Можно добавить: со своей магической улыбкой, предназначавшейся для женщины по имени Ольга.
– Невероятно! – сказал Борис Леонидович. – Мы встречаемся как раз на том месте, где десятилетие назад бедный Осип Мандельштам прочитал мне это свое судьбоносное стихотворение.
– Почему же судьбоносное? – с интересом спросила Ольга.
– Потому что оно послужило причиной всех его последующих несчастий.
– Только ли оно одно…
– Хотите, подарю вам это место?
– Ну, уж только не это!
– Отчего ж? Тогда я и сам от его чтения отмахнулся. А ведь Осип гораздо раньше почувствовал то, что я чувствую сейчас. И сам бы сейчас готов прочитать нечто подобное, только я еще не написал того, что тогда – он.
– Но у вас есть нечто другое…
– Да. Про товарища Сталина!
«Он – то, что снилось самым смелым,
Но до него никто не смел».
Вот что я в те годы писал.
– Но никто о товарище Сталине не писал так проникновенно, как вы.
– О Боже!

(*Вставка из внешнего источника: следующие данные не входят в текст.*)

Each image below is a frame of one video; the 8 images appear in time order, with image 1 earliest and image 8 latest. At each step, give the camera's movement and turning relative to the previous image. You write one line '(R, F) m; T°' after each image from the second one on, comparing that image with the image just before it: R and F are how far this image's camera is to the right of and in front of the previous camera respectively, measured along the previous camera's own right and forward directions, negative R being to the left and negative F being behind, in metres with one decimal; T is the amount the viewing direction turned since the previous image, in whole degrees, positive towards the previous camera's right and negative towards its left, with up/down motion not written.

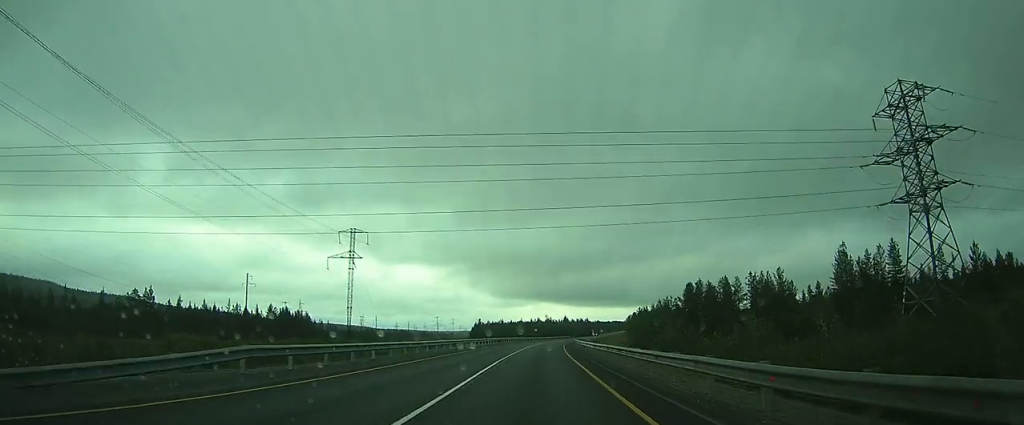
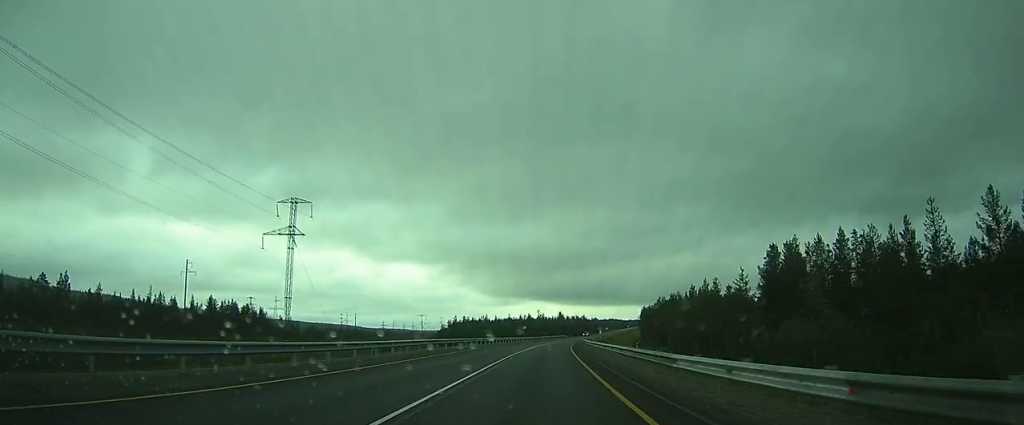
(0.0, +42.9) m; 0°
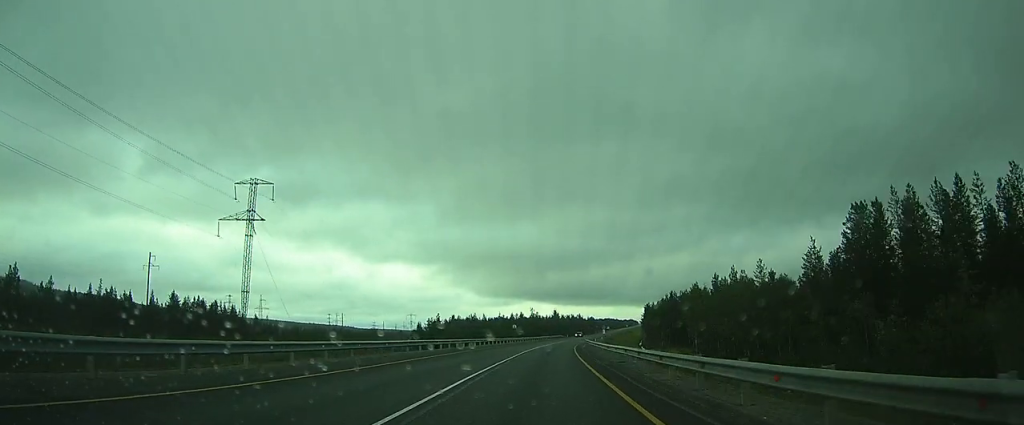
(0.0, +19.5) m; 0°
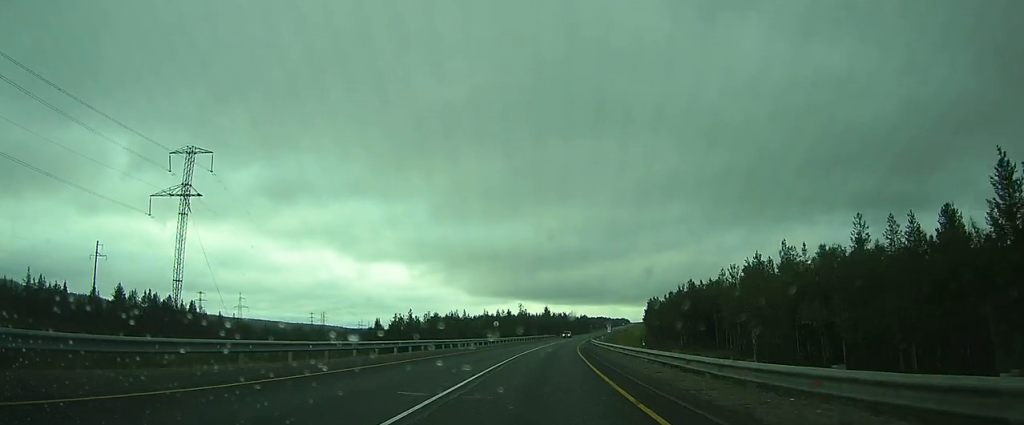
(0.0, +22.3) m; 0°
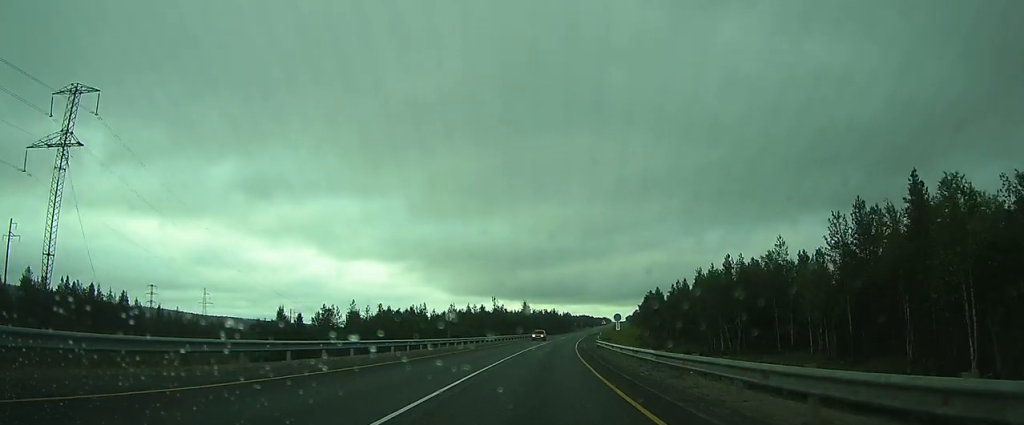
(0.0, +26.5) m; +1°
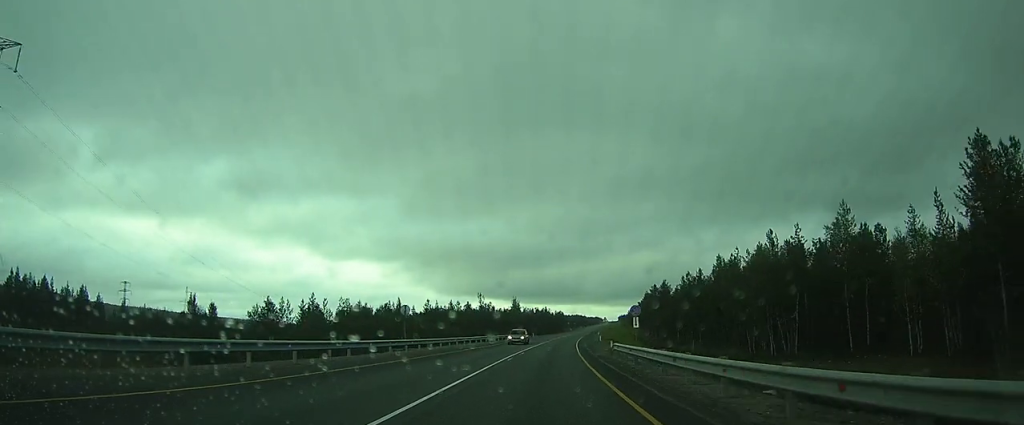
(-0.2, +13.7) m; +1°
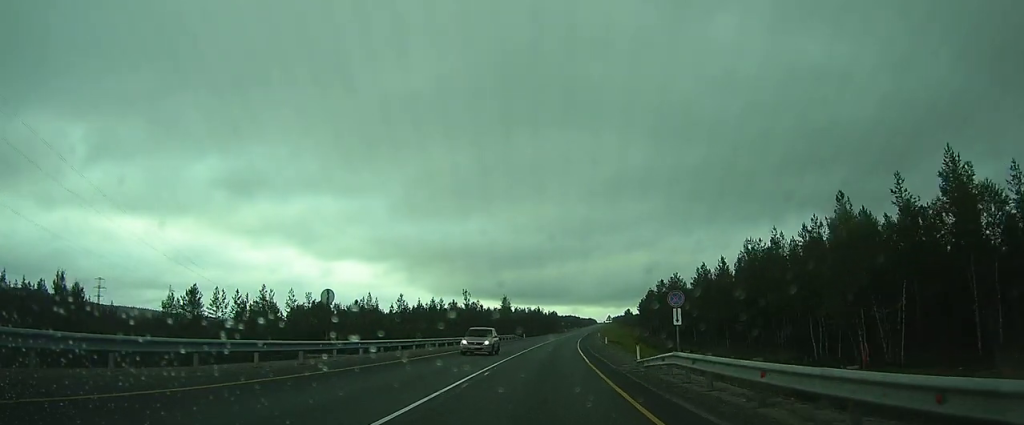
(+0.4, +11.6) m; +1°
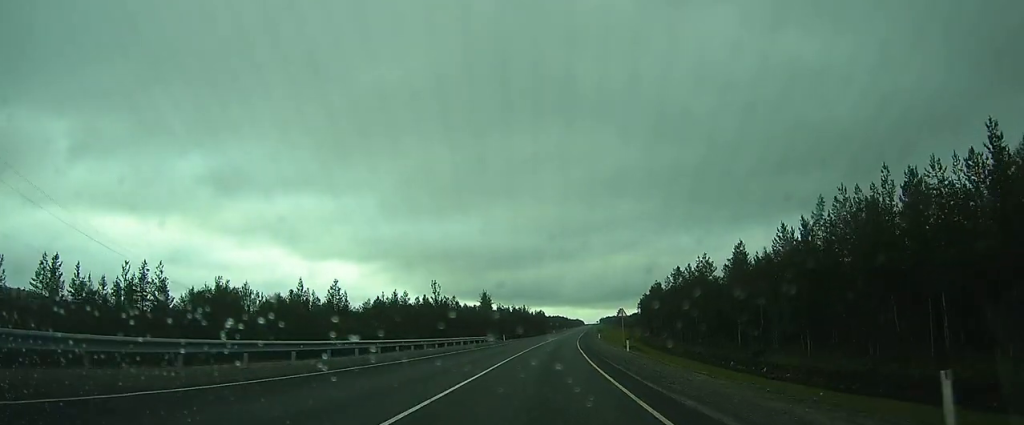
(+0.4, +18.1) m; +1°

Ольга, раз вы не хотите, чтобы я вам подарил это историческое место, пройдемте еще полкилометра, и я подарю вам другое место с историей.

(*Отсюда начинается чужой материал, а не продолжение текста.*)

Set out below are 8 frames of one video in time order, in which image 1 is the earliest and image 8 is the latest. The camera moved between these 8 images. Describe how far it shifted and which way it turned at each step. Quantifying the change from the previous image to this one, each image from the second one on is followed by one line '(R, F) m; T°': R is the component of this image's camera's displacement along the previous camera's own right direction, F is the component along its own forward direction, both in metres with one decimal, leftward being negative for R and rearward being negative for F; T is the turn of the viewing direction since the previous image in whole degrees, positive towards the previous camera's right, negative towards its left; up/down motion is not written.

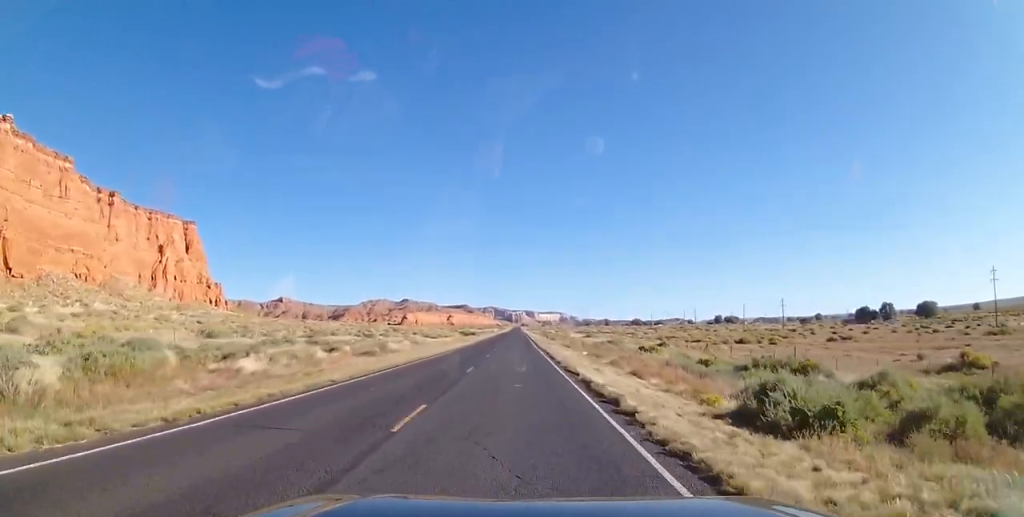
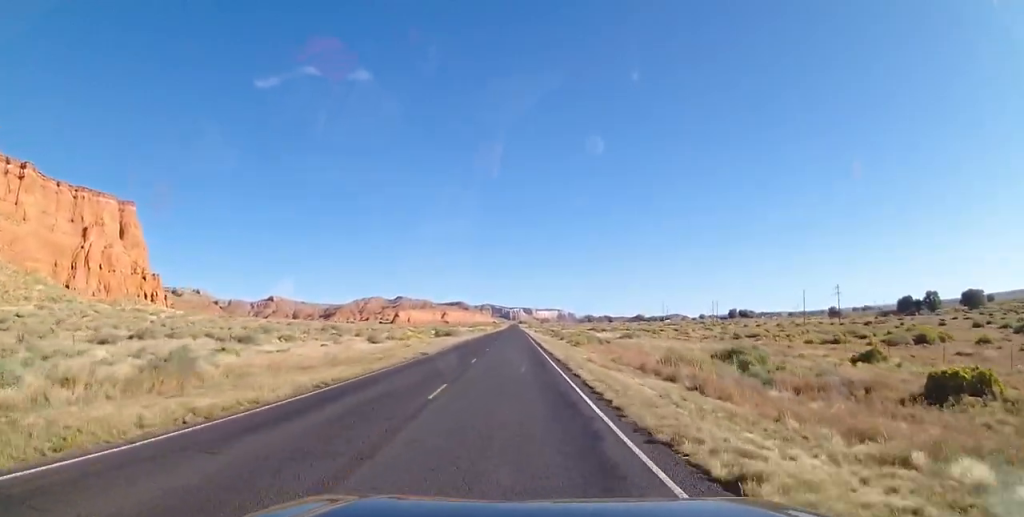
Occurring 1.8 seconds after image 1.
(0.0, +45.8) m; 0°
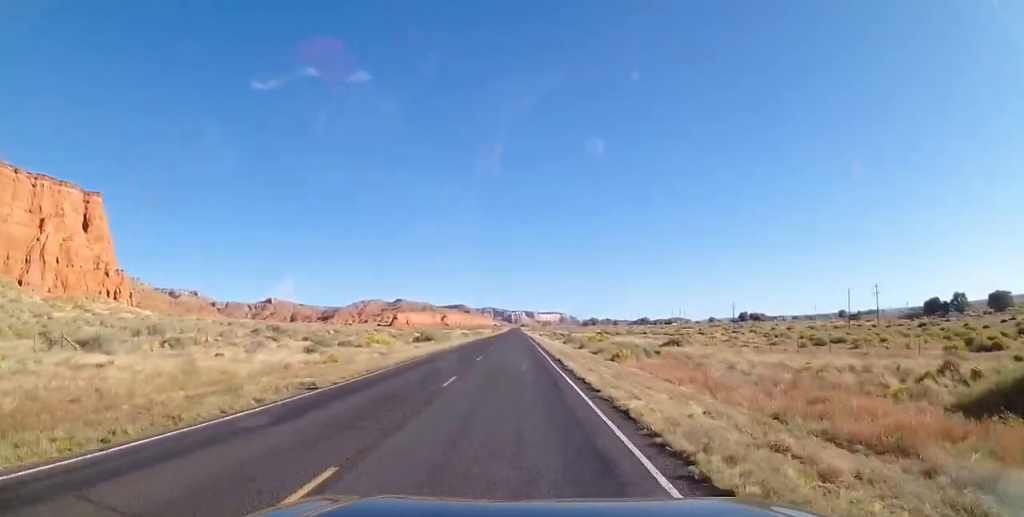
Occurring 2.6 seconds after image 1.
(0.0, +22.5) m; 0°
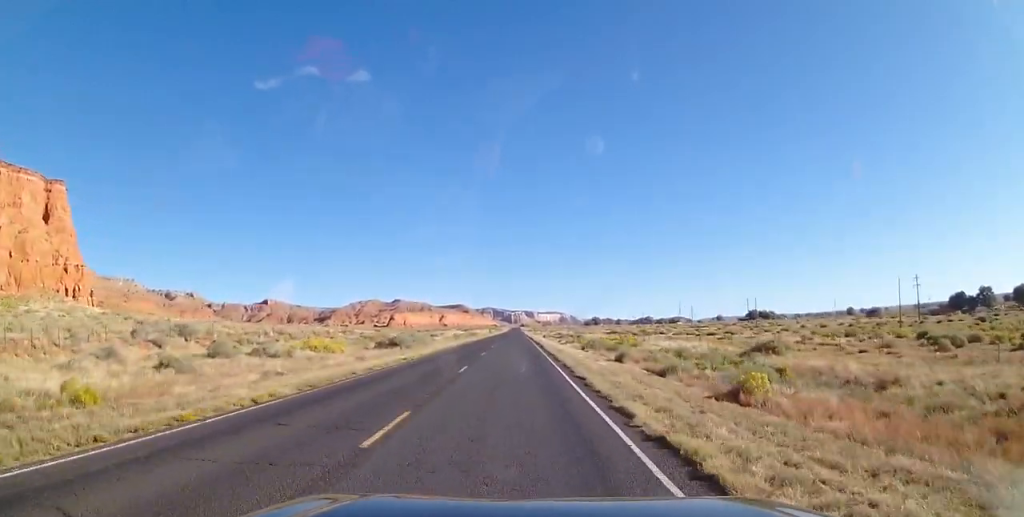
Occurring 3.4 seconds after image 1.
(0.0, +20.8) m; 0°
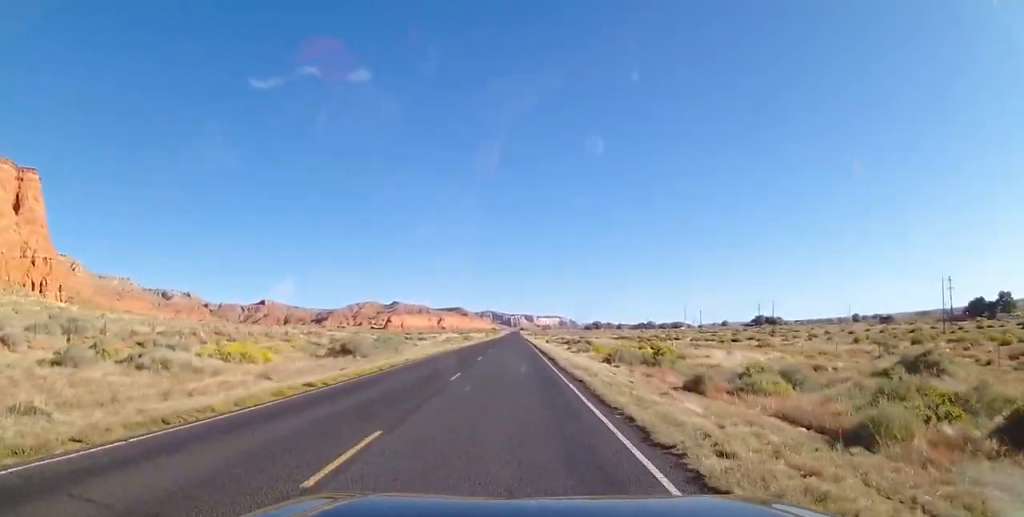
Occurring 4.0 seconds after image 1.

– Мы пойдем туда, где венчался Александр Сергеевич? – с иронией произнесла Ольга, представив себе храм у Никитских ворот.
– Именно туда.
В этот момент прошедший было мимо них офицер внезапно остановился и, пристально вглядываясь в лицо писателя, шагнул ему навстречу.
– Борис Леонидович?
Пастернак повернулся:
– Да.
– Я – участник многих ваших встреч с молодежью, давний ваш читатель, я знаю наизусть, по крайней мере, три сборника. Вечером я отбываю, у меня предчувствие, что в последний раз в жизни хожу по Москве, поэтому прошу вас, не отказывайте в моей просьбе: милостиво прошу принять приглашение поужинать вместе в офицерском ресторанчике… это отсюда недалеко.

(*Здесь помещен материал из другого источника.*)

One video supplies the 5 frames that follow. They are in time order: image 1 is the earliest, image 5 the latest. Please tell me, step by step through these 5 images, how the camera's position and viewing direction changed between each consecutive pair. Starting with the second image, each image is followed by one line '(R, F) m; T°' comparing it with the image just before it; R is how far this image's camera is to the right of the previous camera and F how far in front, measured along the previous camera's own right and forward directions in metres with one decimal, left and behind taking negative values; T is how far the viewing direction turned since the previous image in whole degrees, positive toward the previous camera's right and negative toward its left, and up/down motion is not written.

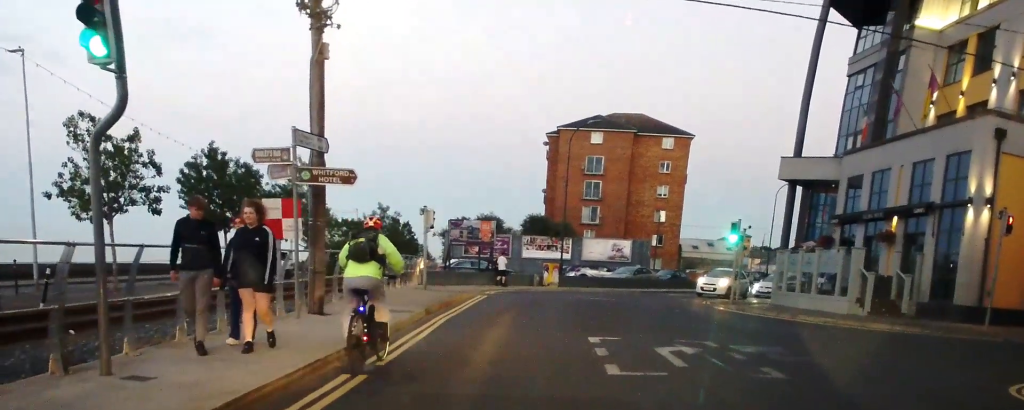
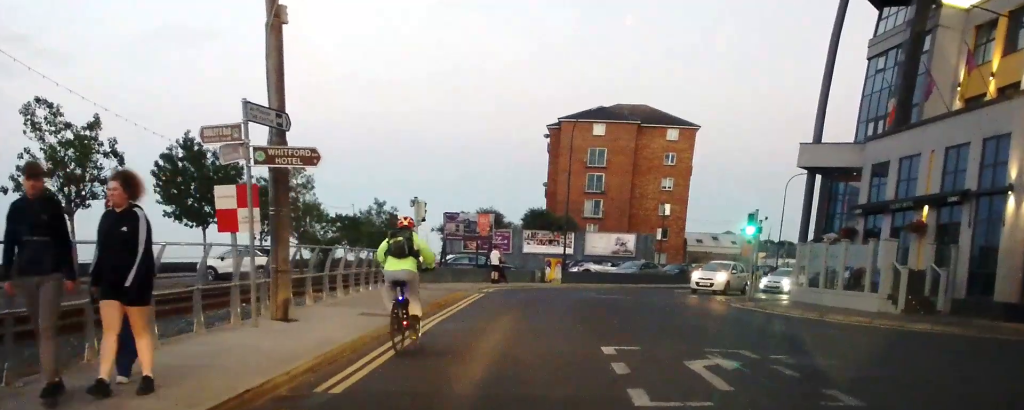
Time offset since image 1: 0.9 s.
(-0.1, +2.3) m; +1°
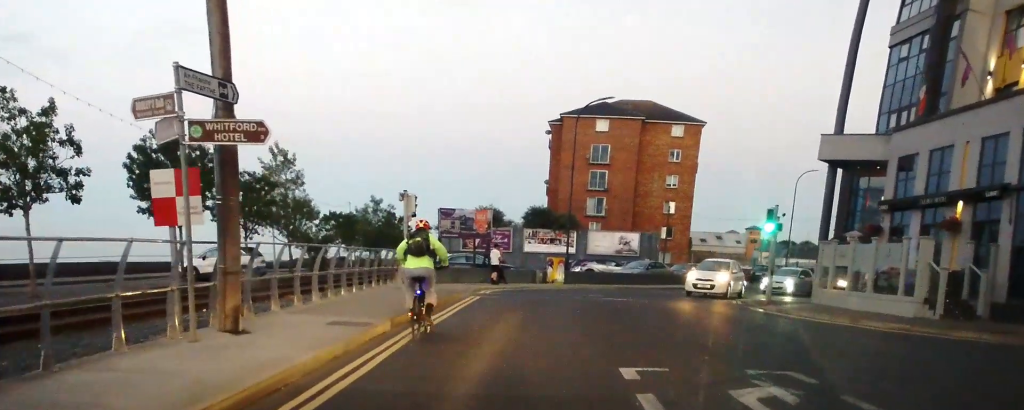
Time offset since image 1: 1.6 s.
(0.0, +2.3) m; +5°
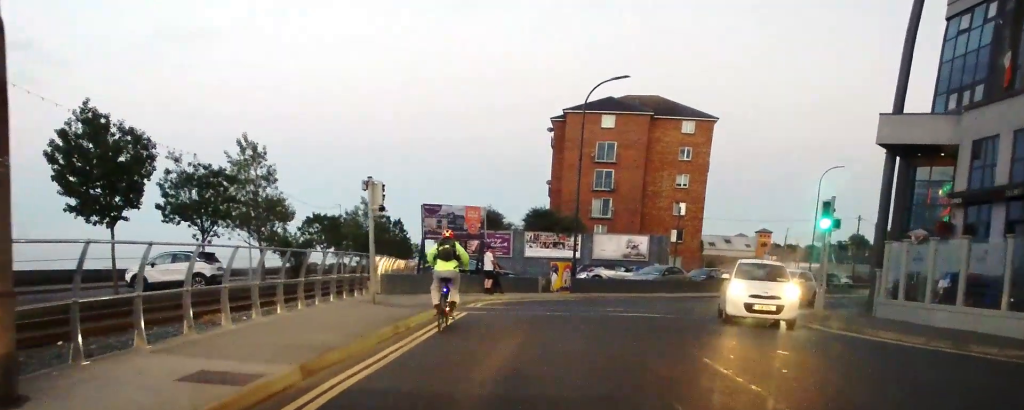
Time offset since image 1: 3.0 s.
(+0.2, +5.4) m; -1°
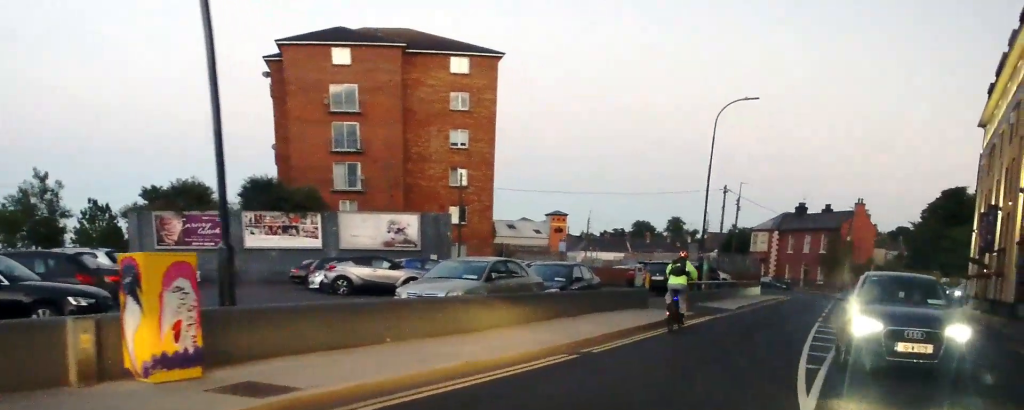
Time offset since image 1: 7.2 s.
(+2.1, +23.2) m; +20°

Так все трое очутились в небольшом сумрачном зальчике, где общество военных разбавляли всего несколько женщин, включая Ольгу.
– Простите, меня зовут Юрий, – вежливо представился офицер.
– Вы сказали, Юра, это ваш последний вечер в Москве? Это предчувствие? – спросил Борис Леонидович.
– Нет. Только ничего больше об этом не спрашивайте.
– Хорошо. А для меня война кончилась в отрочестве. Я сломал ногу, она срослась с укорочением. Не знаю, к лучшему ли это? Писание нуждается в дополнительном оправдании. Нужно, чтобы с тобой происходило рискованное, неслыханное. А меня все это обходит стороной. Мои друзья-поэты погибли в тюрьмах, да и враги – там же. А меня все это обходит стороной, и это невыносимо. Вы военный, прошу, не обижайтесь на то, что я сейчас скажу… Война спасла мне жизнь. И не только мне – всей стране. Реальные ее ужасы, реальная опасность, угроза реальной смерти оказались благом по сравнению с бесчеловечным владычеством выдумки, ограничивали колдовство сатанинской силы. Это страшная цена, но и воскресенье куплено-то распятием!
Пришел официант, хозяин стола молча показал на какие-то пункты в меню, появилось угощение. В дальнем углу ссорились два инвалида, сверкнуло оружие, драчунов начали разнимать… Затем снова воцарилось спокойствие.
– Но самое страшное нам еще предстоит, – продолжал писатель, – новая волна жестокости, осмысление самых тупых и самых темных довоенных пятилеток…
Офицер взглянул на часы. Наступил час прощания.
– Вы меня по-королевски одарили, Борис Леонидович.
– Угощение-то ваше, Юра! – улыбаясь, бросила реплику Ольга.
– Вы меня совсем не знаете, а говорили со мной так откровенно, как с самым близким человеком. Если я что-либо в этом мире значу, я буду всеми силами желать вам счастья и исполнения всех ваших желаний.
Борис Леонидович протянул собеседнику руку.